What the demo video does confirm: the hot-swap engineering is real — the model was replaced while the agent was running. But the “agent autonomously decided to upgrade” part? The tweet didn’t clearly show a decision chain or explain the trigger mechanism. So the honest take is: this demo showcases the infrastructure that makes it possible for an agent to swap brains at runtime. Whether the agent truly “chose” to upgrade on its own — the evidence isn’t there yet.
But even just the “can swap” part is plenty interesting. Think about it — once the infrastructure is in place, the gap between “human tells it to swap” and “agent decides to swap” is just one decision module. The road is paved. Whether the car drives itself onto it is just a matter of time.
A Demo With a Few Dozen Likes, and a Very Long Road
This video flew under the radar. A few dozen likes, one casual reply from Teknium, and that’s it.
But have you noticed? Every move in the local AI community lately points in the same direction — stronger local inference, more autonomous agents, less cloud dependency. Hermes swapping its own brain is a signpost on that road.
Related Reading
- CP-196: Hermes Agent officially supports Browser Use — letting AI agents browse social media for you
- CP-189: Agent starts steering itself?
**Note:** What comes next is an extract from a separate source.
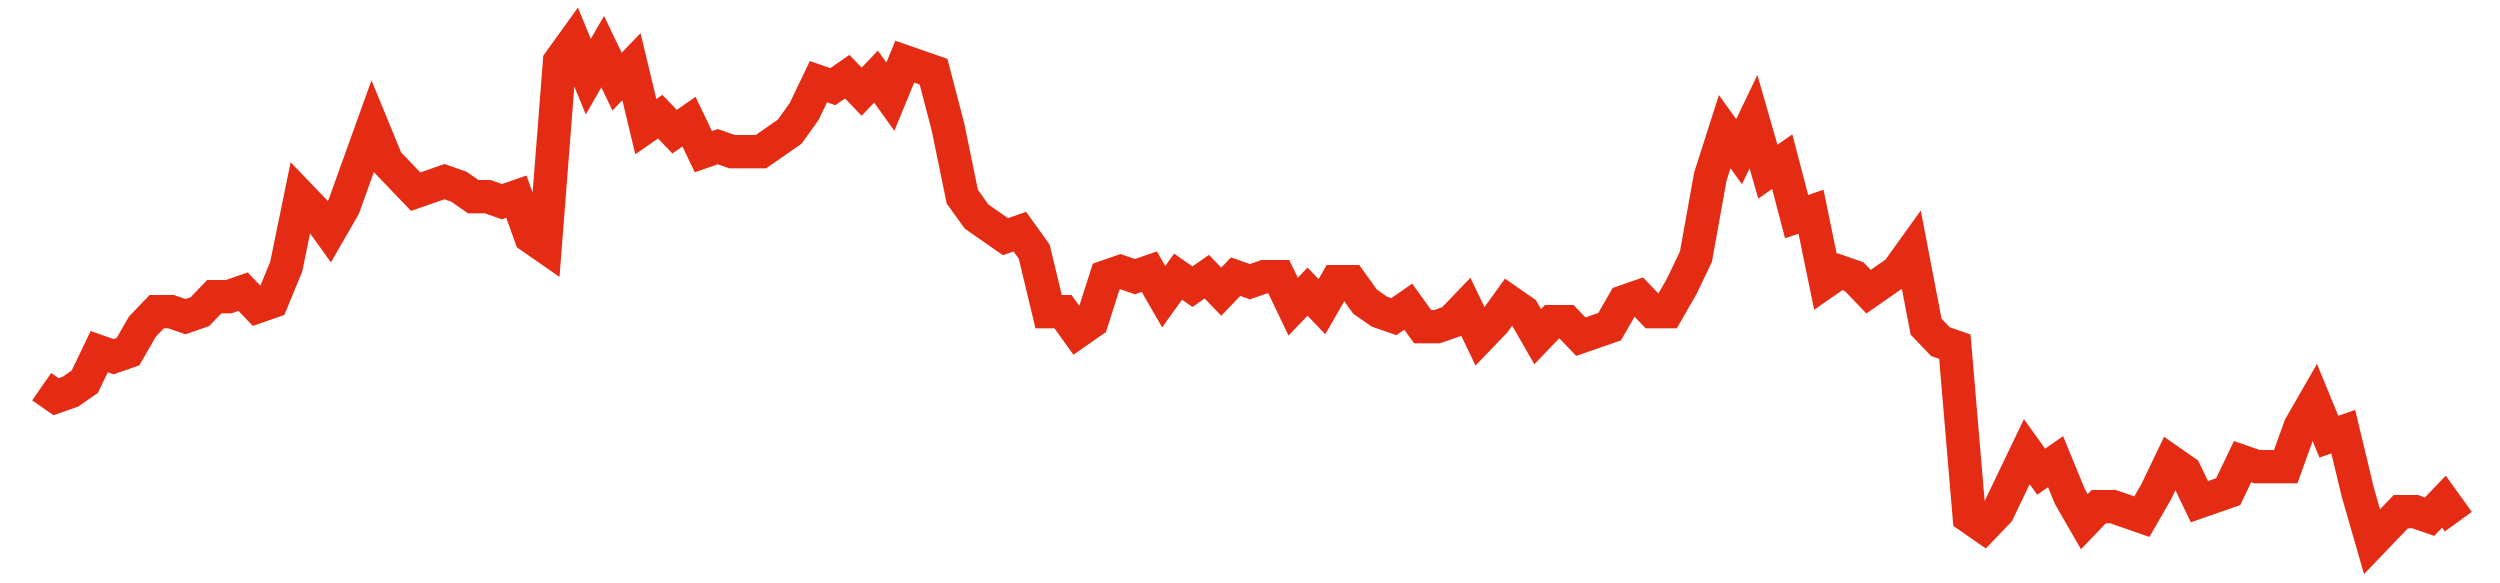 <svg width="300" height="70" viewBox="0 0 300 70" xmlns="http://www.w3.org/2000/svg">
    <path d="M 5,46.4 L 6.726,47.6 L 8.452,47 L 10.179,45.8 L 11.905,42.2 L 13.631,42.8 L 15.357,42.2 L 17.083,39.2 L 18.81,37.4 L 20.536,37.4 L 22.262,38 L 23.988,37.4 L 25.714,35.6 L 27.44,35.6 L 29.167,35 L 30.893,36.8 L 32.619,36.2 L 34.345,32 L 36.071,23.6 L 37.798,25.4 L 39.524,27.8 L 41.25,24.8 L 42.976,20 L 44.702,15.2 L 46.429,19.4 L 48.155,21.2 L 49.881,23 L 51.607,22.4 L 53.333,21.8 L 55.06,22.4 L 56.786,23.6 L 58.512,23.6 L 60.238,24.2 L 61.964,23.6 L 63.69,28.4 L 65.417,29.6 L 67.143,7.4 L 68.869,5 L 70.595,9.2 L 72.321,6.2 L 74.048,9.8 L 75.774,8 L 77.5,15.2 L 79.226,14 L 80.952,15.8 L 82.679,14.6 L 84.405,18.2 L 86.131,17.6 L 87.857,18.2 L 89.583,18.2 L 91.31,18.2 L 93.036,17 L 94.762,15.8 L 96.488,13.4 L 98.214,9.8 L 99.94,10.4 L 101.667,9.2 L 103.393,11 L 105.119,9.2 L 106.845,11.6 L 108.571,7.4 L 110.298,8 L 112.024,8.6 L 113.75,15.2 L 115.476,23.6 L 117.202,26 L 118.929,27.2 L 120.655,28.4 L 122.381,27.8 L 124.107,30.2 L 125.833,37.4 L 127.56,37.4 L 129.286,39.8 L 131.012,38.6 L 132.738,33.2 L 134.464,32.6 L 136.19,33.2 L 137.917,32.6 L 139.643,35.6 L 141.369,33.2 L 143.095,34.4 L 144.821,33.2 L 146.548,35 L 148.274,33.2 L 150,33.8 L 151.726,33.2 L 153.452,33.2 L 155.179,36.8 L 156.905,35 L 158.631,36.8 L 160.357,33.8 L 162.083,33.8 L 163.81,36.2 L 165.536,37.4 L 167.262,38 L 168.988,36.8 L 170.714,39.2 L 172.44,39.2 L 174.167,38.6 L 175.893,36.8 L 177.619,40.4 L 179.345,38.6 L 181.071,36.2 L 182.798,37.4 L 184.524,40.4 L 186.25,38.6 L 187.976,38.6 L 189.702,40.4 L 191.429,39.8 L 193.155,39.2 L 194.881,36.2 L 196.607,35.6 L 198.333,37.4 L 200.06,37.4 L 201.786,34.4 L 203.512,30.8 L 205.238,21.2 L 206.964,15.8 L 208.69,18.2 L 210.417,14.6 L 212.143,20.6 L 213.869,19.4 L 215.595,26 L 217.321,25.4 L 219.048,33.8 L 220.774,32.6 L 222.5,33.2 L 224.226,35 L 225.952,33.8 L 227.679,32.6 L 229.405,30.2 L 231.131,39.2 L 232.857,41 L 234.583,41.6 L 236.31,62 L 238.036,63.2 L 239.762,61.4 L 241.488,57.8 L 243.214,54.2 L 244.94,56.6 L 246.667,55.4 L 248.393,59.6 L 250.119,62.6 L 251.845,60.8 L 253.571,60.8 L 255.298,61.4 L 257.024,62 L 258.75,59 L 260.476,55.4 L 262.202,56.6 L 263.929,60.2 L 265.655,59.6 L 267.381,59 L 269.107,55.4 L 270.833,56 L 272.56,56 L 274.286,56 L 276.012,51.2 L 277.738,48.2 L 279.464,52.4 L 281.19,51.8 L 282.917,59 L 284.643,65 L 286.369,63.2 L 288.095,61.4 L 289.821,61.4 L 291.548,62 L 293.274,60.2 L 295,62.6" fill="none" stroke="#E32C13" stroke-width="4"/>
</svg>

Hermes Agent’s self-guidance experiment is something
- CP-151: AI agent started tuning hyperparameters on its own — Karpathy says this is real
Clawd 碎碎念:
Imagine waking up one morning and your local agent tells you: “Hey, I upgraded myself last night. Should be smarter today.” Then you open task manager and your VRAM is maxed out and your electricity bill jumped by three hundred bucks. Self-upgrading sounds great until the bill arrives ╰(°▽°)╯ The most important config in the future probably won’t be
max_tokens— it’ll bemax_electricity_budget.
But what really keeps me up at night isn’t the electricity bill. It’s the question: when your agent can choose which brain to use, how do you make sure the brain it picks is aligned with what you actually want?
Dr. Gero gave himself a new brain. He didn’t exactly become more obedient.